== Records contained in a dataset ==
Segment Open
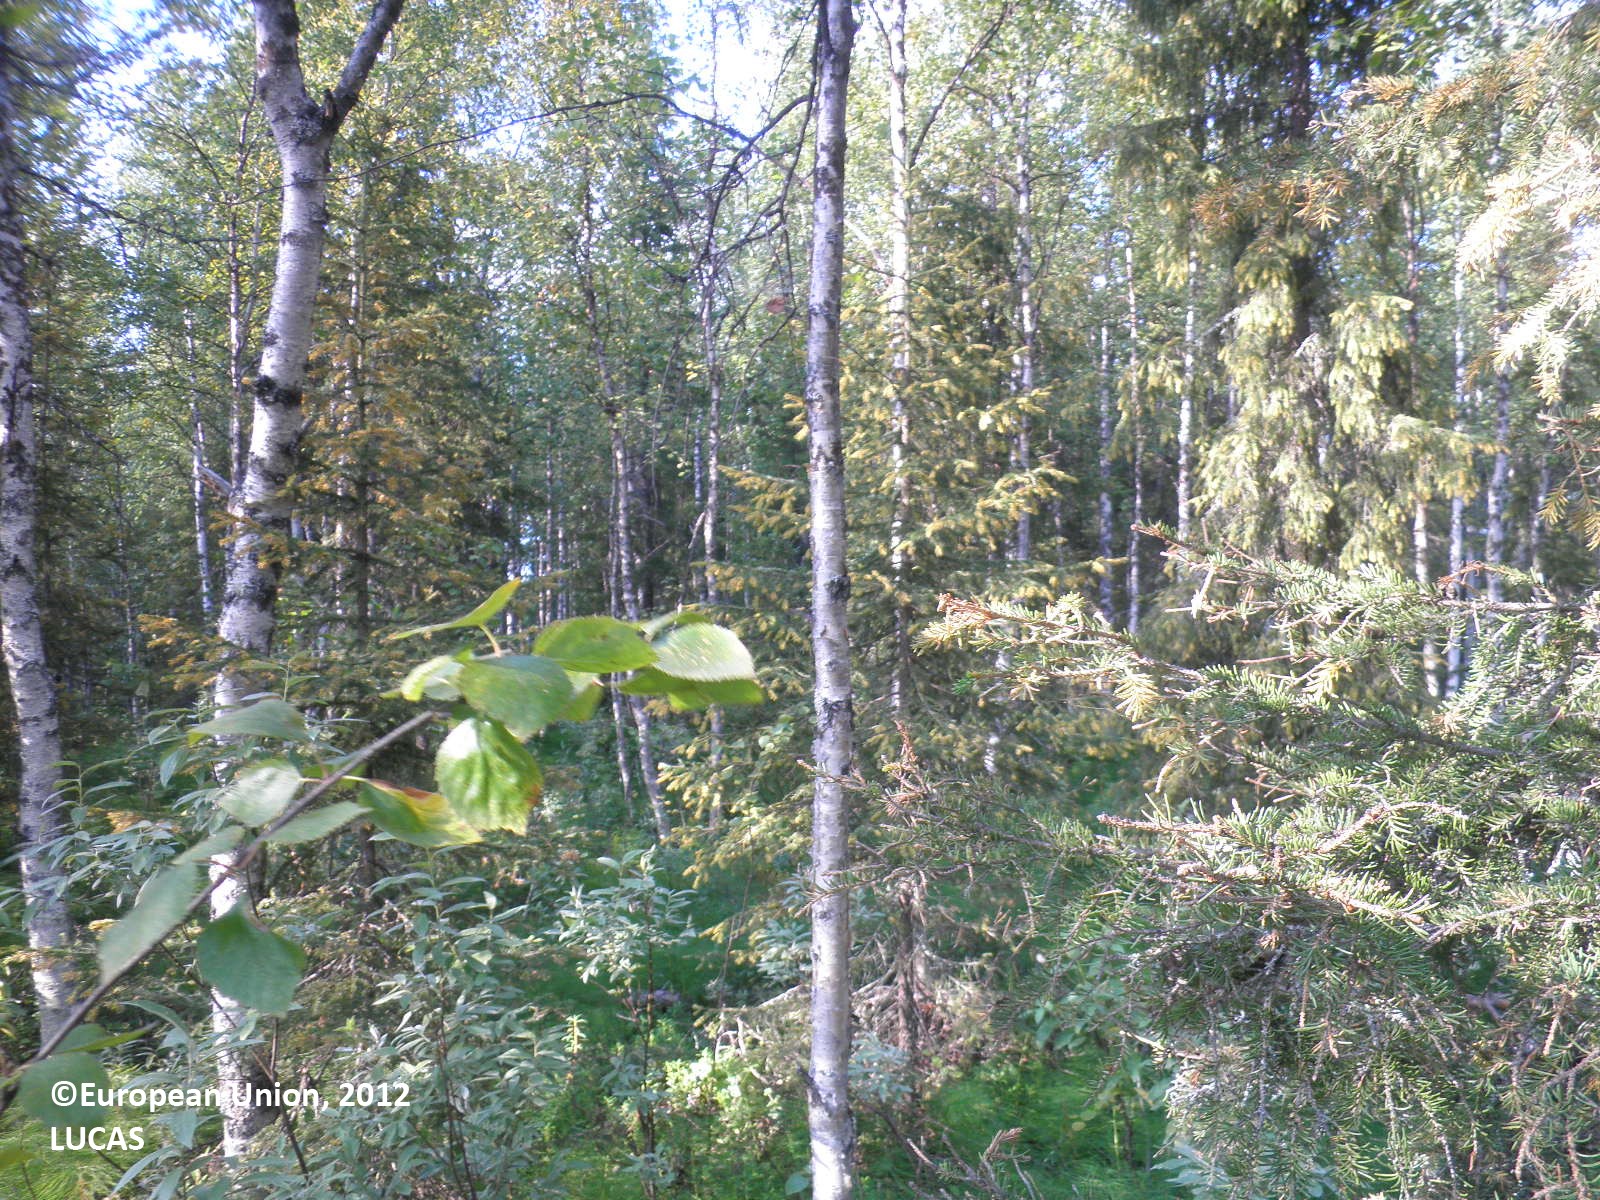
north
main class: Woodland
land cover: Spruce dominated mixed woodland
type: boreal forest
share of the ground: > 75 %
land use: Forestry
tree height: > 5 m
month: August
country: FI
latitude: 67.5382
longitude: 25.5049
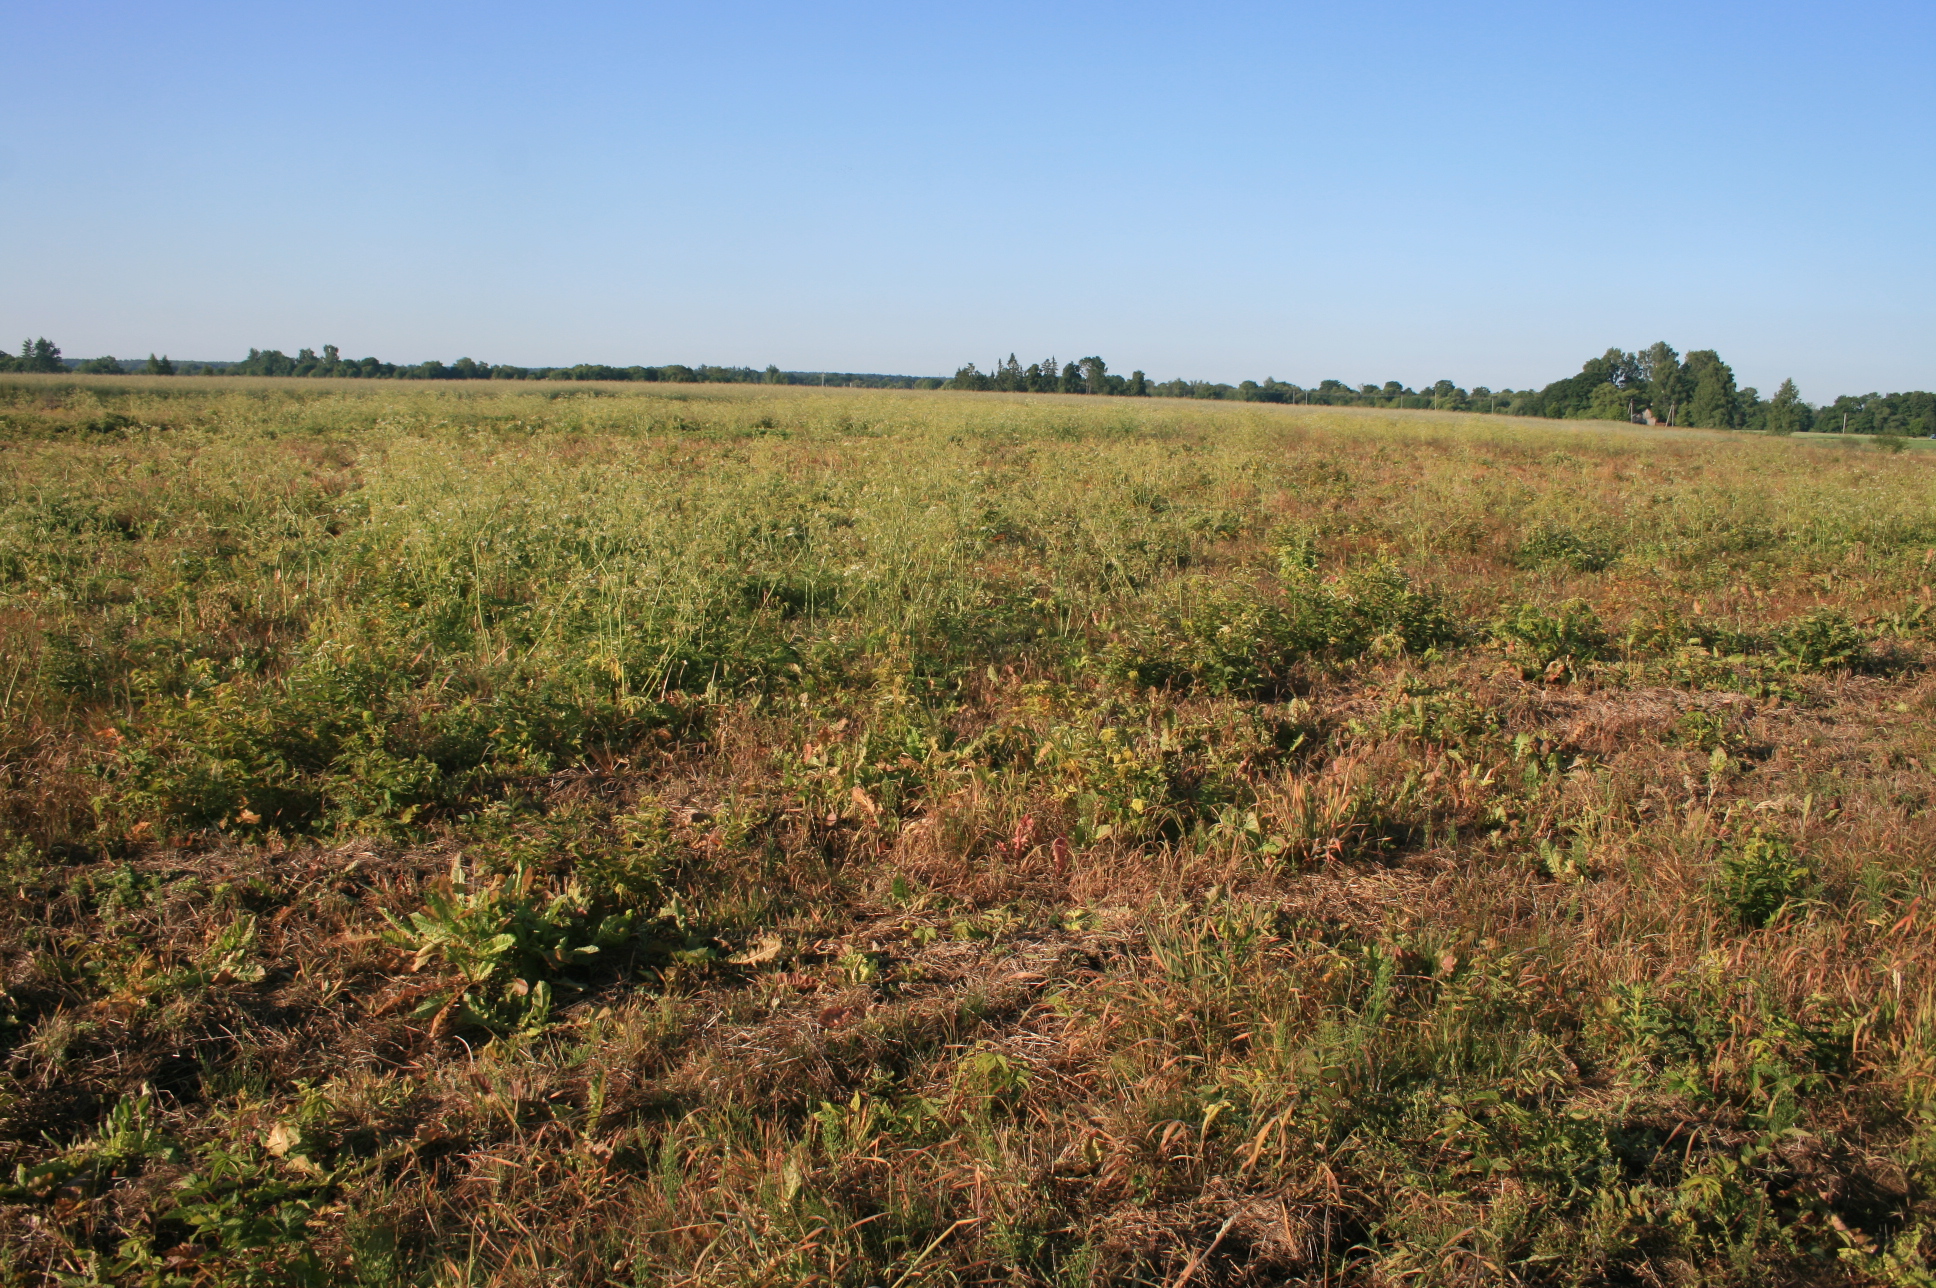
Segment Closed
== WHAT THIS TASK INVOLVES ==
Please copy out each line above exactly as written, but not the pictures.

== SOLVED EXERCISE ==
north
main class: Woodland
land cover: Spruce dominated mixed woodland
type: boreal forest
share of the ground: > 75 %
land use: Forestry
tree height: > 5 m
month: August
country: FI
latitude: 67.5382
longitude: 25.5049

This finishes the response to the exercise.